# Seeking Advice



## Phaeton (4 Dec 2016)

Any good? Anything better at comparable price?

http://www.ebay.co.uk/itm/111887599062


----------



## Hugh Manatee (4 Dec 2016)

The link doesn't work for me.


----------



## Phaeton (4 Dec 2016)

Hugh Manatee said:


> The link doesn't work for me.


Try now


----------



## jefmcg (4 Dec 2016)

Phaeton said:


> Any good? Anything better at comparable price?
> 
> http://www.ebay.co.uk/itm/111887599062


FTFY


----------



## Hugh Manatee (4 Dec 2016)

That works!


----------



## Pale Rider (4 Dec 2016)

Phaeton said:


> Any good? Anything better at comparable price?
> 
> http://www.ebay.co.uk/itm/111887599062



It's a direct drive motor, which means it will be very quiet and quite quick.

Unfortunately, direct drives are surprisingly poor at climbing, which is what a lot of people want from an ebike rather than outright speed.

A geared hub motor will climb much better at a cost of a bit more noise and less speed.

Having said that, a 500w geared motor will rattle along pretty well, particularly if the controller draws quite a few amps from the battery.

Bear in mind 500w is illegal for use anywhere the public has access, although all the motors look the same and I've never heard of a prosecution.

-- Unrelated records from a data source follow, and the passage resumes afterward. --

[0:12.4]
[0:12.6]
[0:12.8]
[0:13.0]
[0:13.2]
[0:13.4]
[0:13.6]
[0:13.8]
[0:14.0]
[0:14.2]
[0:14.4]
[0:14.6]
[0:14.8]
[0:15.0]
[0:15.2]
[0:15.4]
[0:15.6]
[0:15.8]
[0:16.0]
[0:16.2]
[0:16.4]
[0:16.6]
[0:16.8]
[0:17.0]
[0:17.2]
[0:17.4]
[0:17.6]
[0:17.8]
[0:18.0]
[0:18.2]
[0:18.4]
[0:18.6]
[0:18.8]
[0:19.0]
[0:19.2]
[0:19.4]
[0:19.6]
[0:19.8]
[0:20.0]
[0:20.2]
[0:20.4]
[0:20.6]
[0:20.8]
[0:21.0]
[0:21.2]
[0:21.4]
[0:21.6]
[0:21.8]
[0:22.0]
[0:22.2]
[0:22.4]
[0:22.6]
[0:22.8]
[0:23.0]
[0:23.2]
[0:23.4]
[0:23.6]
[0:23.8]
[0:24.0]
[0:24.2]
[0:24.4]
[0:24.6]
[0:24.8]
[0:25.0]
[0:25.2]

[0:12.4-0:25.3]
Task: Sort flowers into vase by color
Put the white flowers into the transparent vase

Lots of choice - legal and illegal - from Blue My Sky (BMS), a reliable Chinese supplier.

https://bmsbattery.com/

In the UK, Panda Ebikes has a good name.

http://www.pandaebikes.com/product-category/conversion-kits/?orderby=price


----------



## Phaeton (4 Dec 2016)

Thanks for that didn't realise 500watt was illegal I had initially found a 250watt but this was only £40 more I think so we'll rule it out. Probably false economy but this is for my wife we already have the mountain bike & I really doubt she will use it so trying to do it cheaply is required. if she gets on with it them I think we'll just buy a ready made one. I liked the idea it was a complete kit with all the pays that I'd require.


----------



## Pale Rider (4 Dec 2016)

Phaeton said:


> Thanks for that didn't realise 500watt was illegal I had initially found a 250watt but this was only £40 more I think so we'll rule it out. Probably false economy but this is for my wife we already have the mountain bike & I really doubt she will use it so trying to do it cheaply is required. if she gets on with it them I think we'll just buy a ready made one. I liked the idea it was a complete kit with all the pays that I'd require.

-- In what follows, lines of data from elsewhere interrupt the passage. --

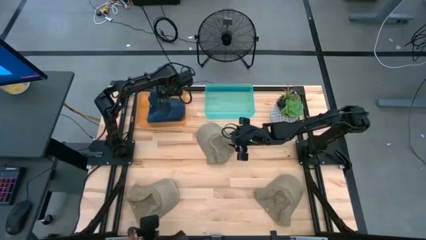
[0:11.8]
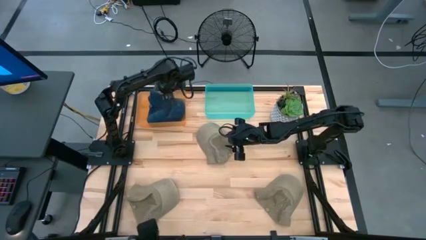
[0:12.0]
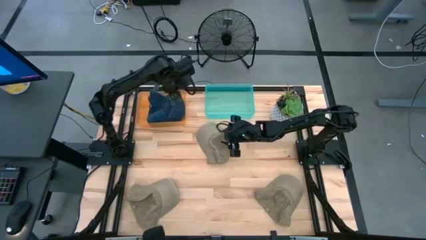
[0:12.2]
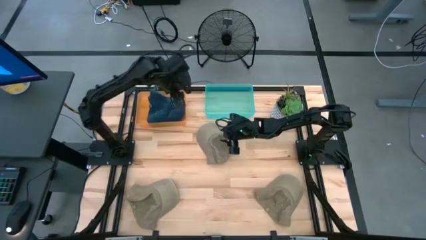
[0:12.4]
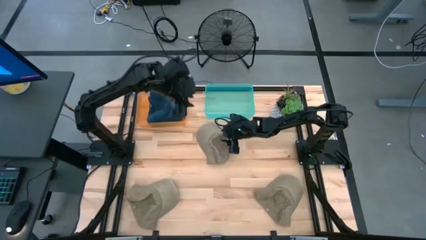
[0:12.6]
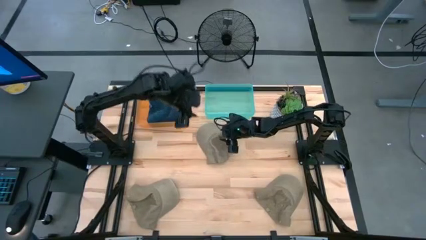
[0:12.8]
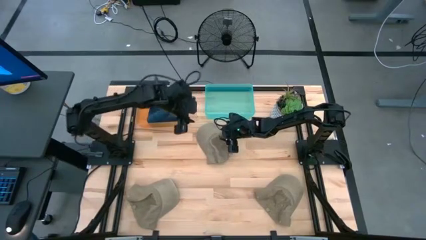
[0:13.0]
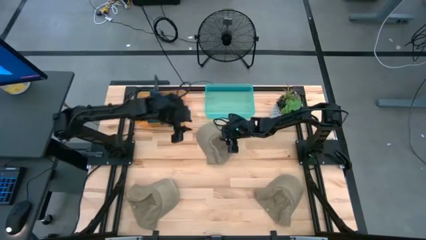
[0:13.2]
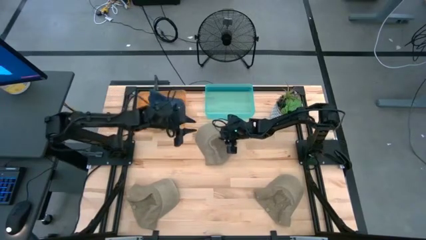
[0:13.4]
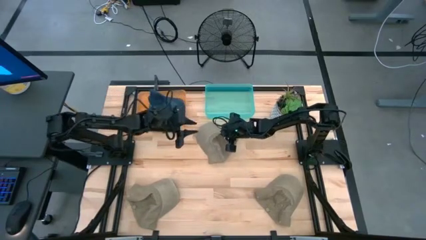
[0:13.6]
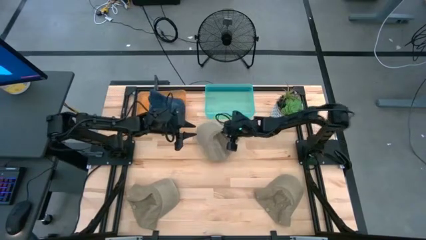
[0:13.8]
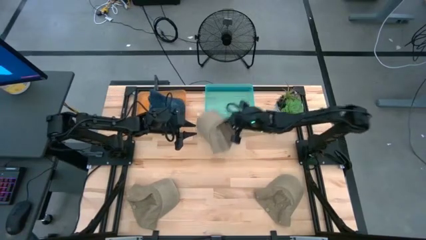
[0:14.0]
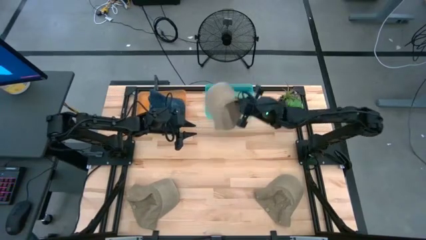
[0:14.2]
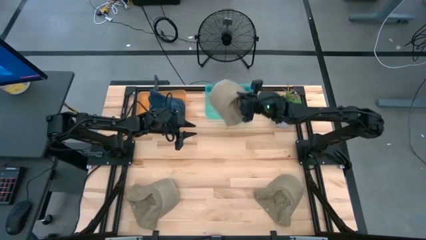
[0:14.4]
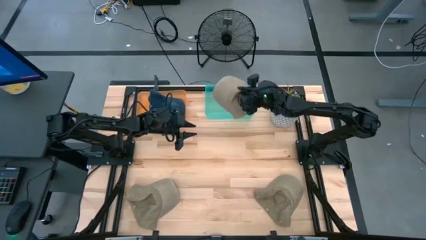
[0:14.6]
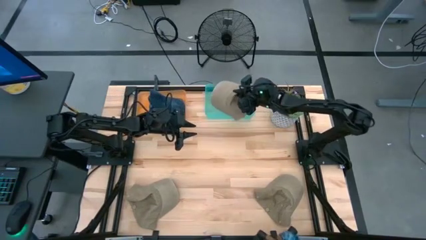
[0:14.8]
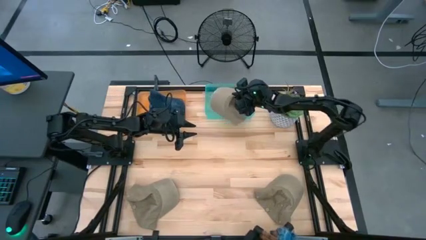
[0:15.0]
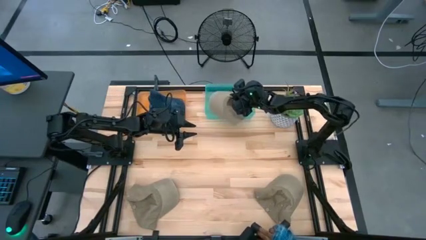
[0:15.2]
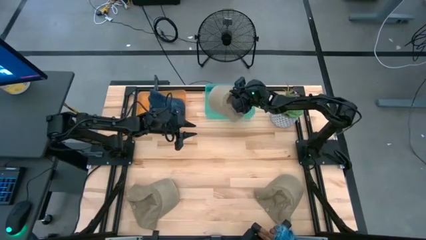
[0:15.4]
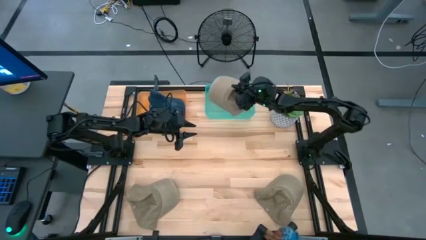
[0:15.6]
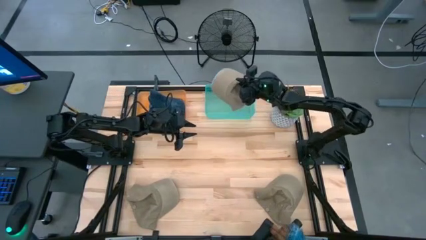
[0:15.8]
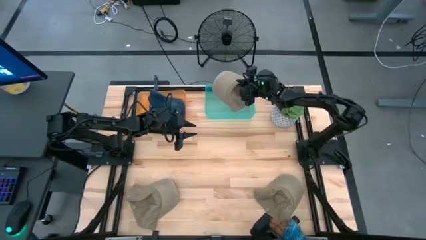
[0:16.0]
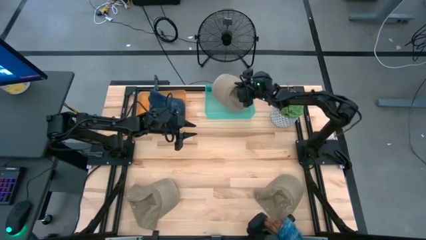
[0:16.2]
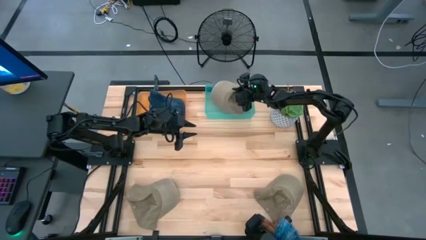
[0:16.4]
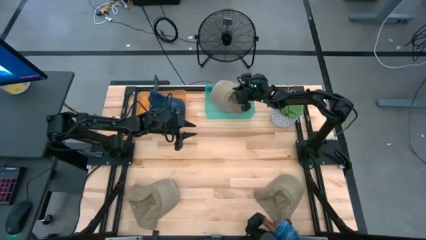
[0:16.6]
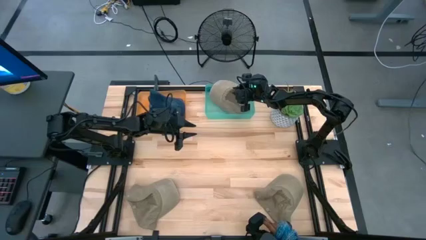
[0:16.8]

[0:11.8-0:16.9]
Task: Pick & Place hat
Put the top brown cap into the green bin

Rider weight plays quite a big part.

Lasses tend to weigh less than lads, so if Mrs P is not massively overweight a legal 250w kit will do the job nicely.

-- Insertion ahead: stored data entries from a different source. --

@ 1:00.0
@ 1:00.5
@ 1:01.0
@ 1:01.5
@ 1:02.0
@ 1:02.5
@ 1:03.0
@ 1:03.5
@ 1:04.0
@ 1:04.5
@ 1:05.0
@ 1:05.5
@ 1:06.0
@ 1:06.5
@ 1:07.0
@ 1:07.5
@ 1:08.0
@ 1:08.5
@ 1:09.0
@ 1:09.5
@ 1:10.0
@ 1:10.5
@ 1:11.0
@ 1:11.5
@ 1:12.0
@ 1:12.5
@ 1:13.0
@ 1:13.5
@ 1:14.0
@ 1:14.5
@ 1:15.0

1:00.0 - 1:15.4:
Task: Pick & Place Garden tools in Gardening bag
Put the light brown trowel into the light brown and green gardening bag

And it doesn't sound like she's too fussed about (relatively) high performance.

Most unlikely you'd get into bother with an illegal kit, but for your proposed use I can't see the point of taking even that minimal risk.


----------



## Phaeton (4 Dec 2016)

Let's just be gentlemanly & say she's a big girl, speed is not an issue 10 mph will be fast enough for her, climbing assist is a higher priority over speed.


----------



## Pale Rider (4 Dec 2016)

The Bafang BPM motor is one the best climbing, legal hub motors.

I'm not sure what BPM stands for, but in ebike circles it's Big Powerful Motor.

It should be just the job for what you want.

http://www.ebike-solutions.com/en/s...0w/bafang-bpm-front-wheel-motor-36v-250w.html


----------



## keithmac (5 Dec 2016)

A couple of hundred more and you could do a crank drive conversion?, TSDZ2 with a 12ah 36v battery.


----------



## Phaeton (5 Dec 2016)

Thanks both but that is the problem, there is so much choice, I don't mind spending the money as long as it's on the right stuff. So that after trying it 3 times & she says she's never going near it again I can at least get a little back.


----------



## Salad Dodger (19 Dec 2016)

Phaeton, have you looked at the Pedelec forum? www.pedelecs.co.uk

They have a lot of stuff about home built conversions from kits, and completely home built conversions.....


----------



## Phaeton (19 Dec 2016)

Salad Dodger said:


> Phaeton, have you looked at the Pedelec forum? www.pedelecs.co.uk


I have in the past but I don't find either website or the forum that user friendly, but I will have another look


----------